Notably, processes such as co-translational protein targeting to membrane, protein targeting to endoplasmic reticulum, cell communication, mismatch DNA repair, DNA integrity checkpoint signaling, and RNA metabolism are shared between artemisinin resistance and gametocytogenesis (Fig 2). The master regulator of sexual commitment, PfAP2-G [70], dispensable for blood-stage development [35], is epigenetically activated by the limiting levels of the lipid lysophosphatidyl-choline (LysoPC). Indeed, LysoPC depletion drives upregulation of alternative metabolic pathways for phosphatidylcholine biosynthesis to induce the expression of AP2-G transcription factor [69]. The choline pathway, (GO:0004105- choline-phosphate cytidylyltransferase activity) [63] and splicing regulation (GO:0045292 - mRNA cis splicing, via spliceosome) are shared between sexual conversion and artemisinin resistance, while stimulation of sexual conversion in heat shock responses involves epigenetic processes (GO:0034968 - histone lysine methylation), translation (GO:1901962 S-adenosyl-L-methionine transmembrane transport) and gene expression (GO:0001139-RNA polymerase II complex recruiting activity).
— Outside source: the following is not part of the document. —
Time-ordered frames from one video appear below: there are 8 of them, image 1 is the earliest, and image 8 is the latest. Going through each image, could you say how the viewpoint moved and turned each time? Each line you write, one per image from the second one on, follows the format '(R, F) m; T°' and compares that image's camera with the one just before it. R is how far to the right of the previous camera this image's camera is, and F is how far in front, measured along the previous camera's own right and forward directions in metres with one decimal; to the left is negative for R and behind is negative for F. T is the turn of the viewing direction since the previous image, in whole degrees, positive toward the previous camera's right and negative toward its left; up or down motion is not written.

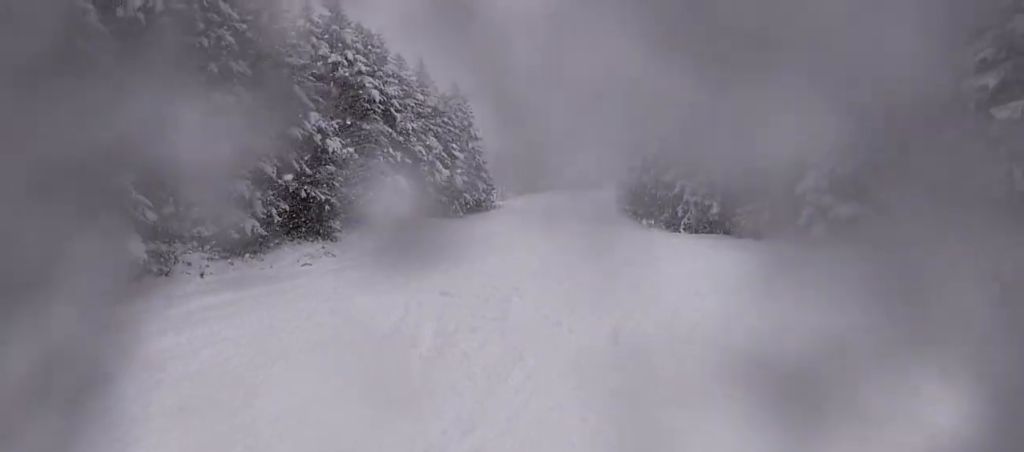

These shared commonalities among different microenvironmental conditions raises an intriguing research question of how the different signals for heat shock response and resistance to artemisinin enhance the malaria parasite’s commitment to sexual development (Fig 3).

Figure 3.

Schematic of Plasmodium falciparum physiological nexus highlighting different directions based on the microenvironmental conditions, inherent strain properties, drug treatment and host immune status. Pathways central to these overlapping responses steer the parasite either towards death or sexual development and transmission into the mosquito vector. Figure created with BioRender.com.

Conclusion

Despite sequencing the genome of P. falciparum over two decades ago, many Plasmodium falciparum genes still lack meaningful functional annotation [71]. Nevertheless, we expect that conserved Plasmodium proteins of unknown function critical for parasite survival in vivo, such as for stress responses, represent opportune targets for development of new intervention therapies. Here, we highlight shared mechanisms between three essential stress responses: heat shock response, artemisinin response, and gametocytogenesis (Figs 3). Three conserved Plasmodium proteins of unknown function link gametocytogenesis with artemisinin and heat shock responses (Fig 2). From the total 960 conserved Plasmodium proteins of unknown function in the P. falciparum genome (https://plasmodb.org/plasmo/app/)[72], 62 proteins are markers of artemisinin resistance [29], and 40 proteins are involved in heat shock responses [26]; with the majority in both sets essential for blood-stage survival [35]. Previous studies on gene co-expression demonstrated the efficiency with which one can identify and characterize the function of those hypothetical proteins [35,73,74]. Genome-wide studies provide a platform to annotate genes with unknown function that lack detectable homology to other organisms. Analysis of shared genes from parallel phenotypic screens, using selective environment and conditions that the parasite is exposed to during its life cycle, such as heat shock, artemisinin exposure, oxidative stress, hemoglobinopathies and gametocyte development, unravel unexpected and essential parasite biology, which expedite the identification of high-value antimalarial targets.